I see five major themes in cancer care advances –new approaches to screening and diagnosis, better understanding of the role of viruses as causative agents, targeted therapies, new technologies and improved approaches to ensuring better quality of life. This post will address the first two with others to follow.

 Screening for the most common major cancers has been straight forward for years – women should get an annual mammogram and Pap smear, men should get a PSA test annually, both should get colonoscopies and there was no accepted screening for lung cancer. Now these standards have been turned on their heads – and controversy reigns.

The US Preventive Services Task Force in October, 2011 came out in Annals of Internal Medicine with the new recommendation that prostate specific antigen (PSA) should no longer be a routine test for detecting the possibility of prostate cancer. Their conclusion was that “prostate-specific antigen–based screening results in small or no reduction in prostate cancer–specific mortality and is associated with harms related to subsequent evaluation and treatments, some of which may be unnecessary.” The Task Force had previously recommended against routine PSA screening in men older than 75 years. With this new recommendation it suggests that all men not have this screening test preformed. It gives the test a “D” score meaning “there is moderate or high certainty that the service has no benefit or that the harms outweigh the benefits.” They looked at the available data from randomized controlled trials and other studies to reach their conclusions.

PSA is a very widely used test and most physicians recommend that their adult male patients have the test done so this comes as a major course correction. There is already and will continue to be substantial controversy with many arguing against the Task Force recommendation.
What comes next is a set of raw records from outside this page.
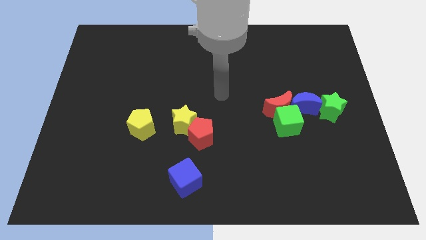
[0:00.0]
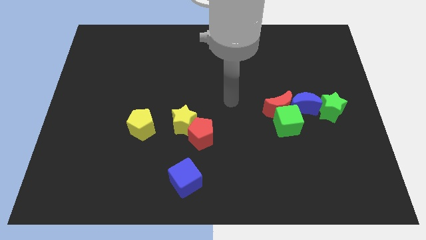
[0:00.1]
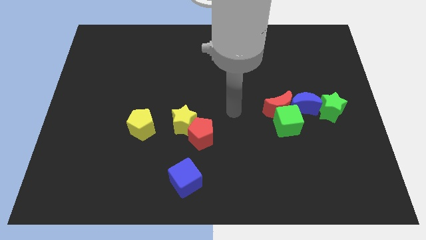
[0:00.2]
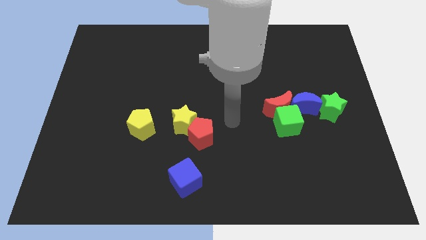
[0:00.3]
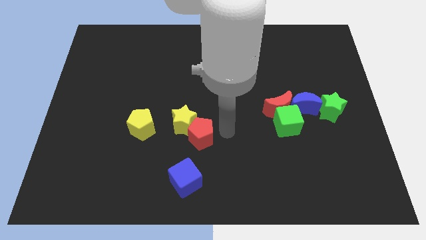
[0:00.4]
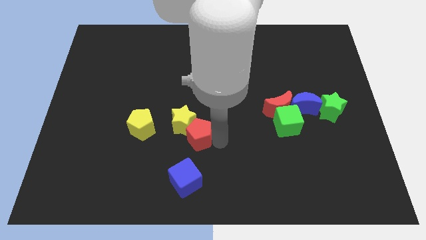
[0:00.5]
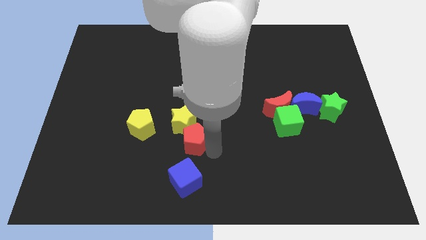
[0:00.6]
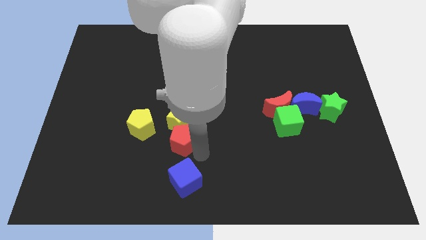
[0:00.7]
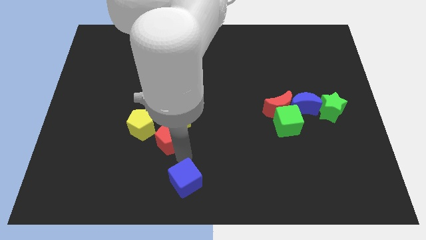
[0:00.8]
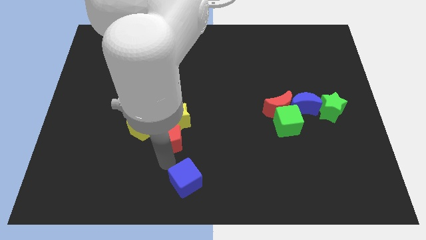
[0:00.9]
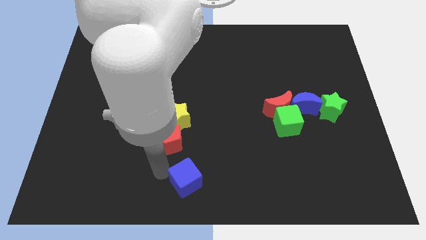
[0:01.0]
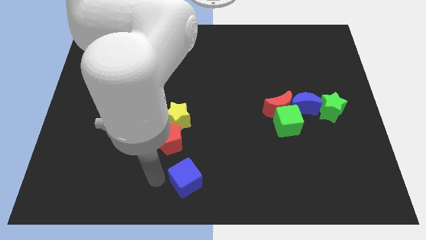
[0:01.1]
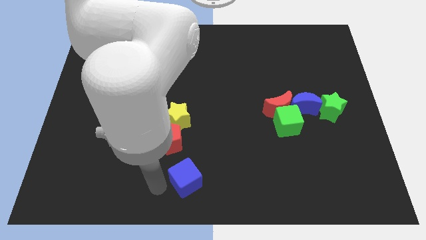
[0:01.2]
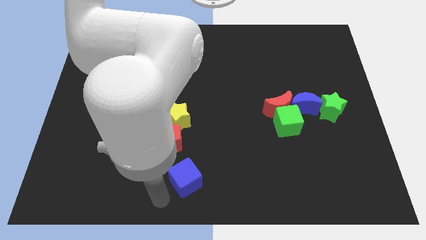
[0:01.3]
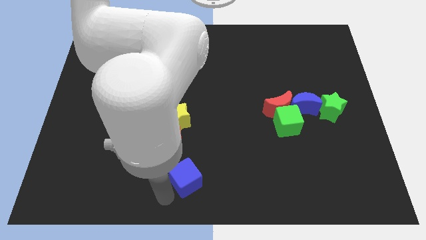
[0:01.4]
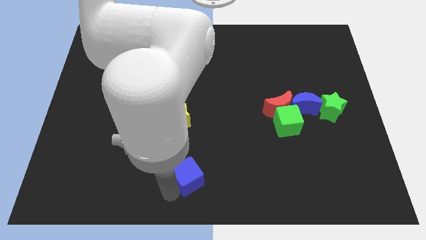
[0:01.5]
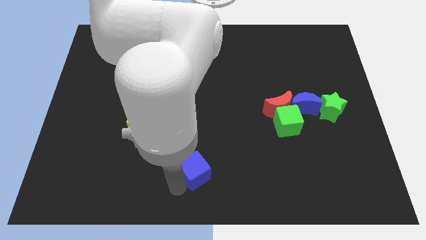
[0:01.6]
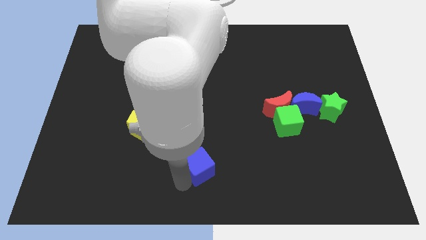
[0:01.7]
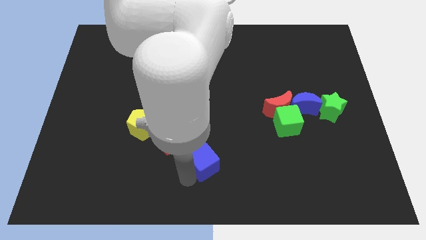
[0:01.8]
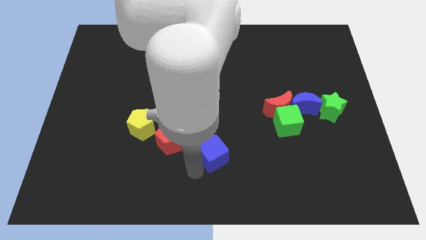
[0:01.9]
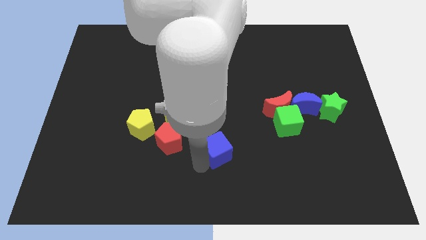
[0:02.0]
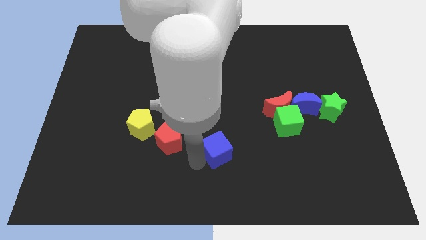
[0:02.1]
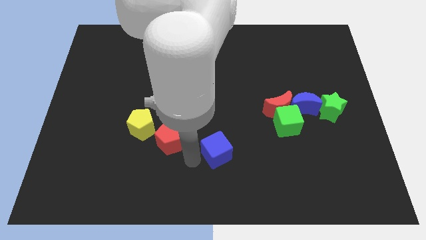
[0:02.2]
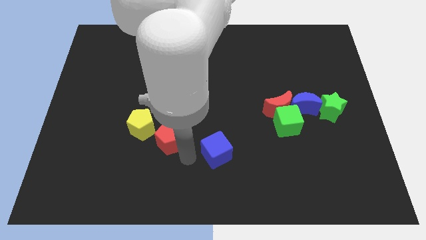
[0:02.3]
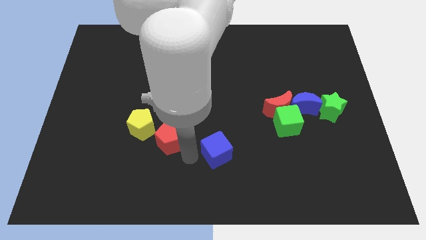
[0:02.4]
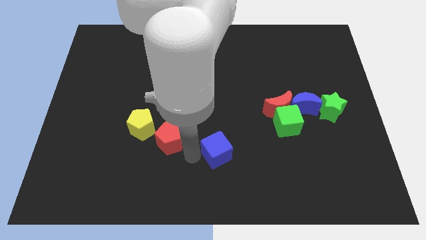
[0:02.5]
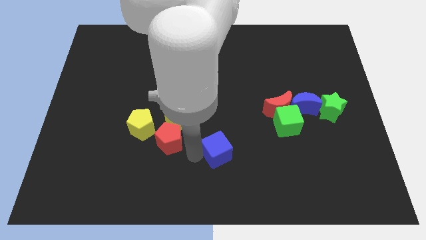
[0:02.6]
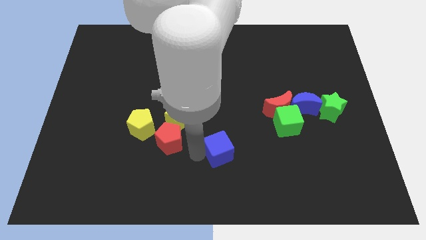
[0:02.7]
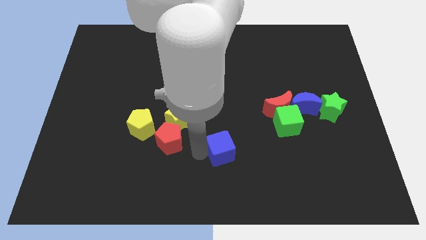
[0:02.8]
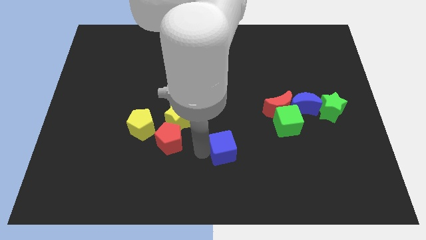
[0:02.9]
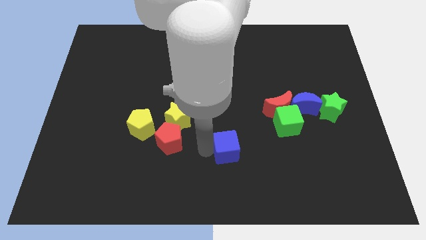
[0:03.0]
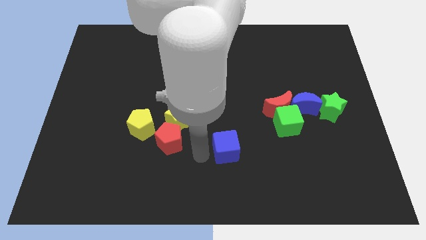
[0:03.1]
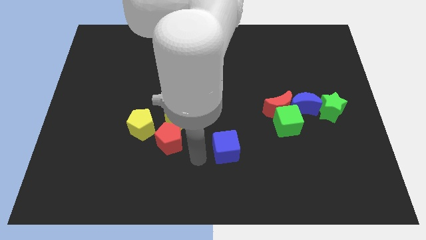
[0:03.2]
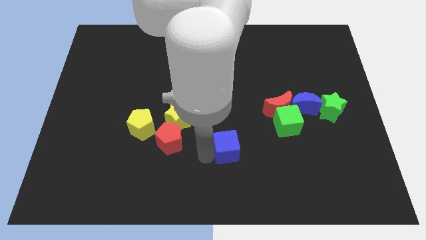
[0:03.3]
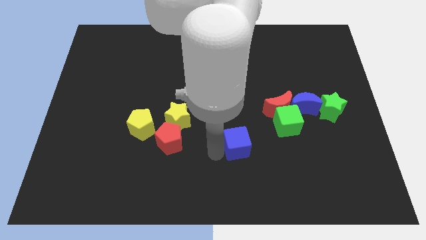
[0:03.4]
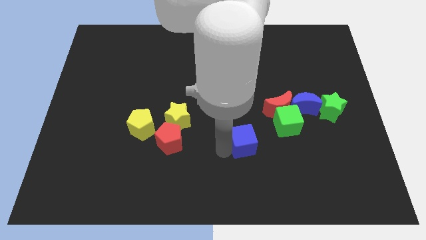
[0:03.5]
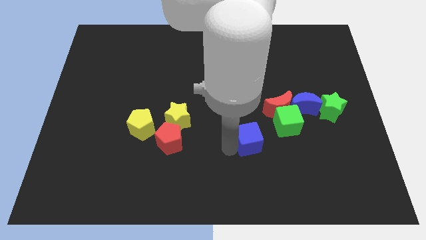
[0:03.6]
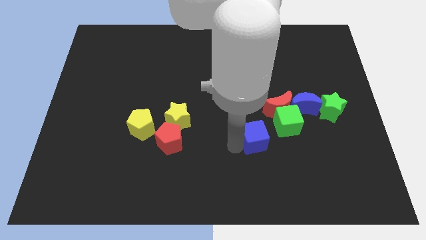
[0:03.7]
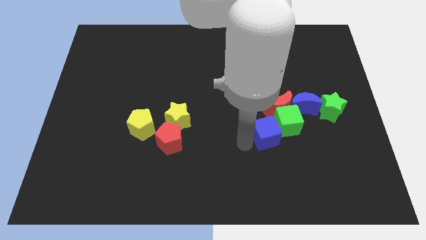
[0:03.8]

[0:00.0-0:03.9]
move the blue cube to the bottom left side of the blue moon

However it should be remembered that the Task Force is made up of individuals without any apparent bias and who based their recommendations’ on the best available evidence.

The chair of the Task Force, Virginia Moyer MD, expressed her opinion in USA Today that PSA has definite limitations and that if it was of benefit it should be apparent by now “and it is not.” She points out that about one third of men aged 40-60 years have cancer cells in their prostate yet very few are aggressive and need treatment. Yet when found, most men are treated – with the risk of surgery or radiation and the development of side effects such as incontinence or impotence which develop in 20 to 30 percent of these treated men. She urged further research to find ways to detect the aggressive prostate cancers that are a risk to life yet to also identify the indolent ones that are best left to watchful waiting. The paper however editorialized that it is better to have extra biopsies and some stress than not knowing you have cancer. That opinion has been expressed by many in recent days so the controversy will persist for some time.

In another highly controversial statement, The US Preventive Services Task Force recommended in 2009 that women between the ages of 40 and 49 probably did not need to get routine mammograms, assuming they had no specific risk factors such as a family history. The rationale was that the number of patients screened to detect one cancer was high; the chance for a false positive was also high and the resultant biopsies and anxiety all weighed together. The Task Force suggested that the data for women over 70 is unclear as to whether routine mammograms are useful. Finally they said that women ages 50 to 69 should continue to get mammograms but could switch to every other year from every year following a normal mammogram.

 At about the same time the Task Force recommended that women who had multiple negative Pap smears and a monogamous sexual relationship could switch to every other year screening for cervical cancer. Further, women over the age of 70 with multiple negative smears could skip further exams.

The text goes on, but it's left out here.